Resource Pages

Dec 21, 2004

Brower Web - David Brower's Digital Base Camp

"Polite conservationists leave no mark
save the scars upon the Earth
that could have been prevented
had they stood their ground."

–David Brower


David Ross Brower was born in Berkeley, California on July 1, 1912. He founded Earth Island Institute and was president of Earth Island Action Group. Brower was a life-long wilderness enthusiast and engaged in conservation battles starting in 1938 and ending in 2000 with his death at the age of 88.

Mr. Brower joined the Sierra Club in 1933, became a member of its board of directors in 1941, and was its first executive director from 1952 to 1969. He saw the club's membership grow from 2,000 to 77,000, and successfully urged the formation of the Sierra Club Foundation (in 1960) before leaving the club staff on request in 1969. He was re-elected to the Sierra Club board again in 1983, 1986, 1995, and 1998. In 1969 he founded Friends of the Earth, along with the League of Conservation Voters, and initiated the founding of independent FOE organizations in other countries. FOE is now multi-national and operating in sixty-eight countries.

Through the years, David Brower had a profound impact on the state of America's wild lands by helping to create national parks and seashores in Kings Canyon, the North Cascades, the Redwoods, Great Basin, Alaska, Cape Cod, Fire Island, the Golden Gate, and Point Reyes; and in protecting primeval forests in the Olympic National Park, and wilderness on San Gorgonio. He played a major role in keeping dams out of Dinosaur National Monument, the Yukon, and the Grand Canyon, in establishing the National Wilderness Preservation System, the Outdoor Recreation Resources Review Commission (which resulted in the Land and Water Conservation Fund), and in raising the twin questions:

"What kinds of growth must we have?"

"What kinds can we no longer afford?"

Earth Island Institute, Brower Fund, and biennial Fate and Hope of the Earth Conferences, all of which Mr. Brower founded in 1982, will continue to work to bring peace, environmental, social justice, and other groups together to achieve peace on and with the Earth. Mr. Brower recently founded the Global Conservation, Preservation, and Restoration (CPR) Service to help catalyze the restoration of natural and human systems. In 1988 and 1990-92, he led delegations to Lake Baikal in Siberia at Soviet request to aid its protection and restoration. In the fall of 1994, he co-founded the Ecological Council of Americas as a network of organizations in the Americas focused on problems of environment and economic integration. Mr. Brower developed plans for the creation of a National Biosphere Reserve System, as well as for a National Land Service to replace the current Bureau of Land Management and to have a new mission of protecting and restoring both public and private lands in the United States.

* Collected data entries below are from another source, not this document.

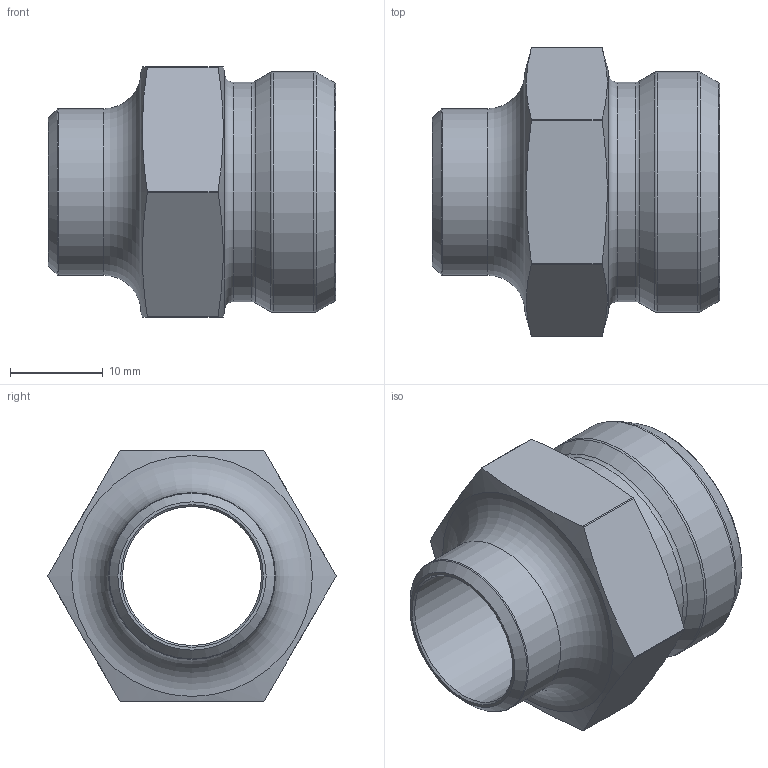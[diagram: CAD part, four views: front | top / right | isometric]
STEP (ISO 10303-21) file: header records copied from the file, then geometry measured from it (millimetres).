
FILE_DESCRIPTION(/* description */ (''),/* implementation_level */ '2;1');
FILE_NAME(/* name */ 'X-GAV1815.stp',/* time_stamp */ '2025-01-17T11:42:04+01:00',/* author */ (''),/* organization */ (''),/* preprocessor_version */ 'ST-DEVELOPER v16',/* originating_system */ 'SIEMENS PLM Software NX 10.0',/* authorisation */ '');
FILE_SCHEMA (('CONFIG_CONTROL_DESIGN'));
Length unit declared in the file: millimetre
Products named in the file (1): X-GAV1815
Bounding box: 31 x 31.14 x 27 mm (x, y, z)
Volume: 7995.8 mm3; surface area: 4556.4 mm2
Topology: 1 solids, 1 shells, 38 faces, 89 edges, 55 vertices
Faces by surface type: cylinder 11, plane 10, torus 9, cone 8
Full cylindrical faces by diameter (mm): 15 x1, 18 x1, 18.2 x1, 23.7 x1, 26 x1
Entity records: 1146 total; most frequent: CARTESIAN_POINT 345, DIRECTION 140, ORIENTED_EDGE 122, EDGE_LOOP 64, AXIS2_PLACEMENT_3D 64, EDGE_CURVE 61, FACE_BOUND 52, VERTEX_POINT 49

In civilian climbing and ski mountaineering, Mr. Brower made 70 first ascents, summer and winter, in Yosemite and the Western United States, participated in a historic attempt on Mount Waddington (Canada), led the first ascent of New Mexico's Shiprock (1939), and trekked to 18,000 feet in the Himalaya below Mount Everest (1976) and to Thyangboche (1984). He received the First Class Skier award in 1942, and, from 1939 to 1956, in the Sierra Club Wilderness Outings Program, he initiated the knapsack, river, and wilderness threshold trips and led some 4,000 people into remote wilderness.

David Brower was nominated for the Nobel Peace Prize three times (in 1978, 1979, and 1998 -- jointly with professor Paul Ehrlich).

In October 1998, Brower received the Blue Planet Prize for his environmental accomplishments. The Blue Planet Prize is awarded annually by the Asahi Glass Foundation of Japan and is the richest environmental prize in the world.

Comments about Brower's efforts have ranged widely. John McPhee's Encounters With the Archdruid is about Mr. Brower and three of his natural enemies -- and is in its twenty-seventh printing. Mr. Brower especially liked what Russell Train said when he was chairman of the Council on Environmental Quality in the Nixon administration: "Thank God for Dave Brower; he makes it so easy for the rest of us to be reasonable."